Parkinson's disease (PD) is not new to everyone. It is a common neurodegenerative disease in middle-aged and elderly people. It was first reported by British doctor James Parkinson in 1817. It has a history of more than 200 years. The medical community has done a lot of research, but due to the complexity of its etiology and pathogenesis, it is still not completely clear. It is generally believed that Parkinson's disease is related to environmental, genetic, age and other factors. It is not caused by a single factor, but by the interaction of multiple factors.

The main clinical manifestations of Parkinson's disease include motor symptoms such as resting tremor, muscle rigidity, bradykinesia, postural balance disorders, as well as non-motor symptoms such as sensory disorders, mental disorders (such as sleep, depression, anxiety, cognitive disorders, etc.), and autonomic dysfunction (such as constipation, abnormal sweating, etc.).

The treatment principle of Parkinson's disease is to carry out comprehensive treatment of its motor symptoms and non-motor symptoms, including clinical drug therapy, rehabilitation therapy, psychological intervention and daily care, etc. However, current treatments can only improve symptoms, improve quality of life, and delay the progression of the disease, but cannot cure it fundamentally.

Parkinson's disease rehabilitation

As a comprehensive auxiliary treatment method, rehabilitation therapy cannot change the course and outcome of the disease, but starting rehabilitation therapy as early as possible can improve patients' symptoms, delay the use of drugs, improve mobility and self-care ability, improve patients' quality of life, and indirectly improve patients' depression, anxiety and other mental disorders.

Next, let’s learn Parkinson’s rehabilitation exercises together.

Face

  • Alternate eye closing and eye opening exercise;
  • Eyebrow raising exercise;
  • Alternating eye movements
  • Alternate cheek inflating and concave movements;
  • Open your mouth and say "Yeah" and keep your mouth in that shape for 5 seconds and then relax;
  • whistle, blow bubbles;
  • Press the tip of your tongue against your cheeks to the left and right, and stretch out your tongue as much as possible.

Head and Neck

  • Gently turn your head to the left and right 5 times each;
  • Gently flex your head to the left and right 5 times each;
  • The head, jaw, and neck are flexed forward and extended backward simultaneously 5 times each.

Be careful to move your head and neck slowly and gently.

Shoulders

  • Shrug one shoulder upwards, as close to the earlobe as possible, alternating between the two shoulders;
  • Shrug both shoulders up at the same time, as close to your earlobes as possible;
  • Push your shoulders back, contract your back muscles, and bring the inner sides of your shoulder blades as close to each other as possible.
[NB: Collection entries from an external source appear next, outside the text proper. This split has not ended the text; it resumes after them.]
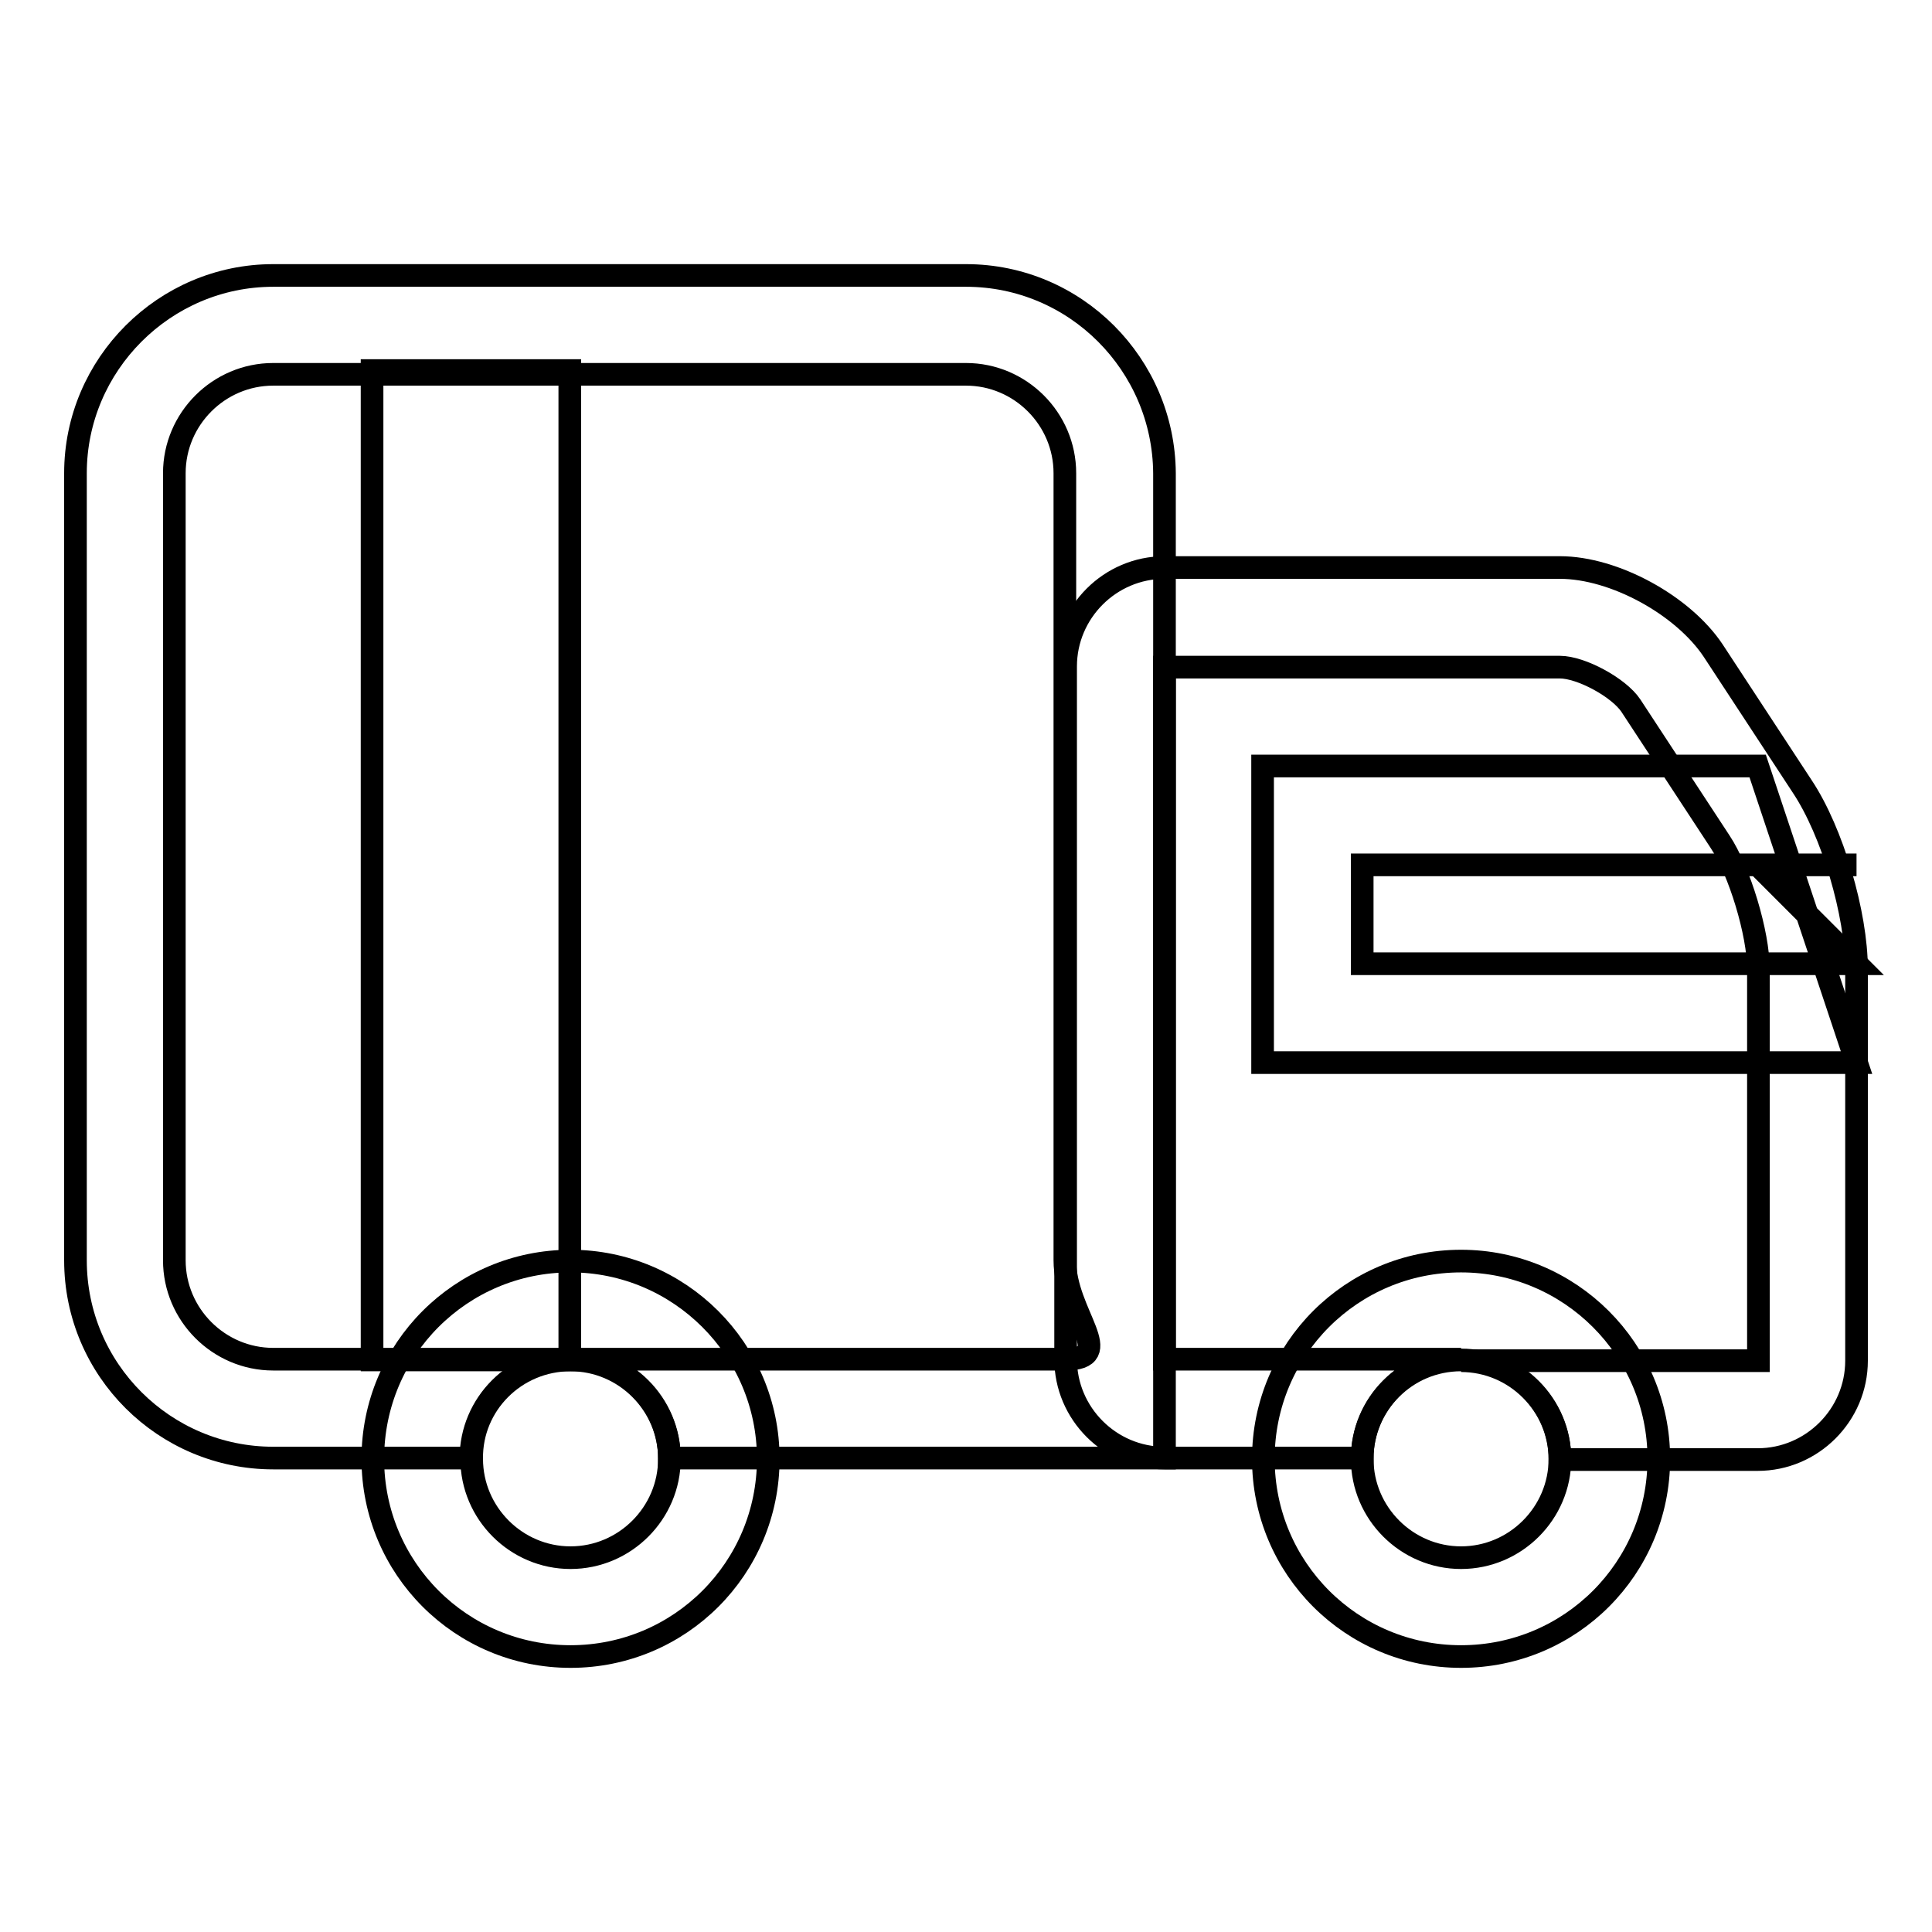 <?xml version="1.0" encoding="utf-8"?>
<!-- Svg Vector Icons : http://www.onlinewebfonts.com/icon -->
<!DOCTYPE svg PUBLIC "-//W3C//DTD SVG 1.1//EN" "http://www.w3.org/Graphics/SVG/1.1/DTD/svg11.dtd">
<svg version="1.1" xmlns="http://www.w3.org/2000/svg" xmlns:xlink="http://www.w3.org/1999/xlink" x="0px" y="0px" viewBox="0 0 256 256" enable-background="new 0 0 256 256" xml:space="preserve">
<g><g><path stroke-width="3" fill-opacity="0" stroke="#000000"  d="M75.6,180.2c7.2,0,13.1,5.9,13.1,13.1c0,7.2-5.9,13.1-13.1,13.1s-13.1-5.9-13.1-13.1C62.4,186.1,68.3,180.2,75.6,180.2 M75.6,167.1c-14.5,0-26.2,11.7-26.2,26.2c0,14.5,11.7,26.2,26.2,26.2s26.2-11.7,26.2-26.2C101.8,178.8,90,167.1,75.6,167.1L75.6,167.1z"/><path stroke-width="3" fill-opacity="0" stroke="#000000"  d="M193.6,180.2c7.2,0,13.1,5.9,13.1,13.1c0,7.2-5.9,13.1-13.1,13.1c-7.2,0-13.1-5.9-13.1-13.1C180.5,186.1,186.3,180.2,193.6,180.2 M193.6,167.1c-14.5,0-26.2,11.7-26.2,26.2c0,14.5,11.7,26.2,26.2,26.2c14.5,0,26.2-11.7,26.2-26.2C219.8,178.8,208,167.1,193.6,167.1L193.6,167.1z"/><path stroke-width="3" fill-opacity="0" stroke="#000000"  d="M128,36.5H36.2C21.8,36.5,10,48.3,10,62.7v104.3c0,14.5,11.8,26.2,26.2,26.2h26.2c0-7.2,5.9-13.1,13.1-13.1H36.2c-7.2,0-13.1-5.9-13.1-13.1V62.7c0-7.2,5.9-13.1,13.1-13.1H128c7.2,0,13.1,5.9,13.1,13.1v104.3c0,7.2,7.2,13.1,0,13.1H75.6c7.2,0,13.1,5.9,13.1,13.1h65.6c0-13.1,0-11.8,0-26.2V62.7C154.2,48.3,142.5,36.5,128,36.5z"/><path stroke-width="3" fill-opacity="0" stroke="#000000"  d="M238.8,104.2l-11.8-18c-4-6-13.1-11-20.3-11h-52.4c-7.2,0-13.1,5.9-13.1,13.1v91.8c0,7.2,5.9,13.1,13.1,13.1h26.2c0-7.2,5.9-13.1,13.1-13.1h-39.3V88.4h52.4c2.8,0,7.8,2.7,9.4,5.1l11.8,18c2.6,3.9,5.1,12.2,5.1,16.9v51.9h-39.4c7.2,0,13.1,5.9,13.1,13.1h26.2c7.2,0,13.1-5.9,13.1-13.1v-51.9C246,121.1,242.8,110.2,238.8,104.2z"/><path stroke-width="3" fill-opacity="0" stroke="#000000"  d="M232.9,114.6l13.1,13.1h-65.5v-13.1H246 M232.9,101.5h-65.6v39.3H246L232.9,101.5L232.9,101.5z"/><path stroke-width="3" fill-opacity="0" stroke="#000000"  d="M49.3,49.1h26.2v131.1H49.3V49.1z"/></g></g>
</svg>

Perform each of the above movements 10 times.

trunk

  • Standing wall push-ups: Stand with your hands raised horizontally in front of you and placed on the wall, bend your elbows slightly and do push-ups facing the wall.
  • With both upper limbs placed on the waist, gently perform waist flexion, lateral flexion and rotation activities.

Perform each of the above actions 5 times.

Upper limbs

Upper limb lifting exercise, abduction exercise, alternating flexion and extension of the left and right limbs, alternating patting the opposite shoulder with the left and right hands, etc. Perform each movement 10 times.

Wrist and finger exercises

  • Cross your hands and make fists to perform wrist flexion and extension exercises;
  • Practice clenching and unclenching your fists alternately with your left and right hands;
  • The thumbs of both hands perform inter-finger movements with the index finger, middle finger, ring finger and little finger respectively, and then do the opposite.

Perform each of the above movements 10 times.

Lower limb exercise

  • Lie on your back, bend your knees and lift your hips, hold for 3 seconds, and do the bridge exercise;

  • Standing, take a step to the right with your right lower limb, then slowly retract it to perform abduction exercises;

    Bend your knees and squat, then stand up with your hands on your knees to practice squatting;

  • Alternately raise your knees, swing your arms left and right in coordination, and do marching in place;

  • Practice drawing lines on the ground or sticking cross-shaped stickers on it to guide the patient to move in eight directions.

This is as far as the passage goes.